Visit us on Google+

Report Notes Toys To Avoid In Shopping Season

Parents should be wary of some toys powered by lithium-ion batteries that can catch fire or explode

By Andrea Sears, Public News Service
for The Post Publications

HARRISBURG PA – As the holiday shopping season gets started, a new report from the Pennsylvania chapter of the U.S. Public Interest Research Group is intended to help consumers avoid toys that can be hazardous to children.

The day after Thanksgiving is one of the busiest shopping days of the year, and buyers may see several toys on store shelves that pose risks to children. Besides the usual cautions about small parts that can be swallowed, shoppers should be wary of toys that connect to the Internet, according to USPIRG toxics director Kara Cook-Schultz.

The organization’s 32nd annual “Trouble in Toyland” report provides examples of toys now on sale that pose potential risks to children’s safety and privacy.

An incident last February highlighted the risks of toys that collect and store data online, Cook-Schultz said. “One of these toys got hacked, and over 2 million customers’ personal information was available online, including recordings.” The toy “is actually a teddy bear, so presumably many of those customers were children,” she added.

Price is no guarantee of safety. Dangerous toys span the price range from $1 to hundreds of dollars.

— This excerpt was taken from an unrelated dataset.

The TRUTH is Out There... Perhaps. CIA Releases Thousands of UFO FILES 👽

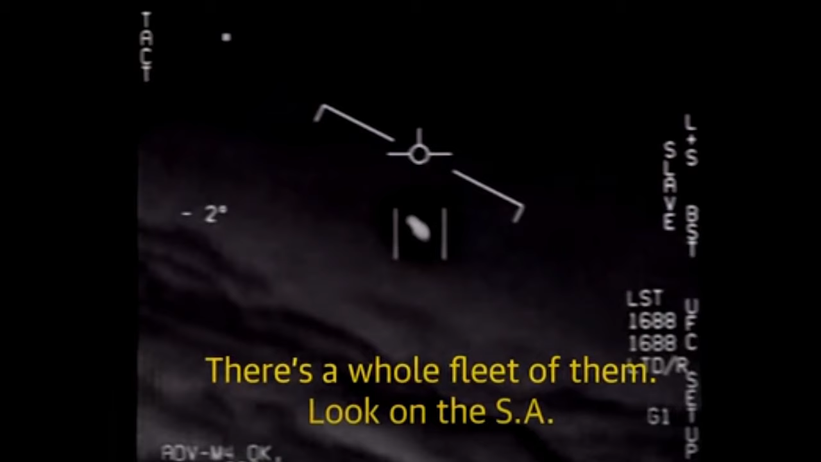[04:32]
3 videos that were leaked from and eventually released by the US Defense Department in April 2020 showed unidentified objects in airspace that were captured on tape during pilot training flights. The pilots could be heard noting the speed and shapes of the objects. There's a whole fleet of them, look on the ASA. My gosh!
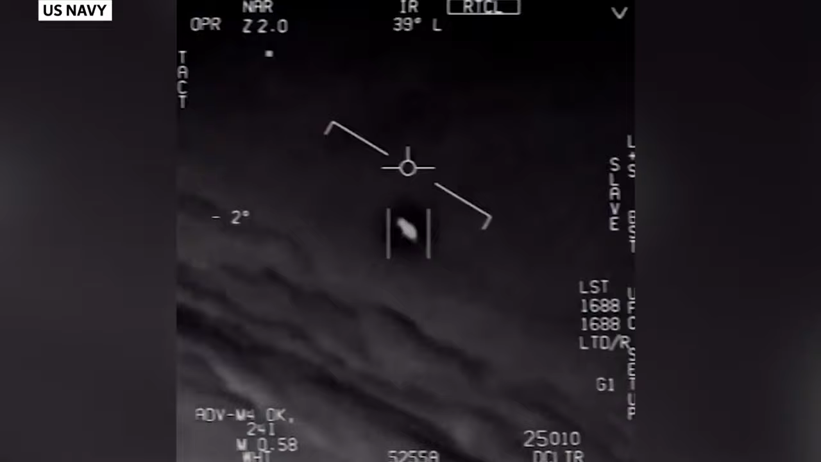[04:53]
They're all going against the wind. The wind's 120 knots from the west. Look at that thing, dude! That's not our LNS though, is it? It's not. What is the LNS, dude? Well, if there's like... What is that thing?

Some expensive toys, such as hover boards or toy electric cars, are powered by lithium-ion batteries that can catch fire or explode. “Most of those toys are no longer available,” Cook-Schultz acknowledged, “but we encourage parents to look for what’s called a UL label on these batteries. That way, you can ensure they’re not the lithium-ion batteries” that have caused problems.

On the lower end of the scale, Target recently recalled fidget spinners that were found to contain dangerously high levels of lead.

Consumers can get periodic updates on product recalls from the federal government by e-mail subscription, here. Also, USPIRG’s “Toy Safety Tips” website reports on what Cook-Schultz said are “different things that parents can look out for, and different toys that we’re concerned about this year.”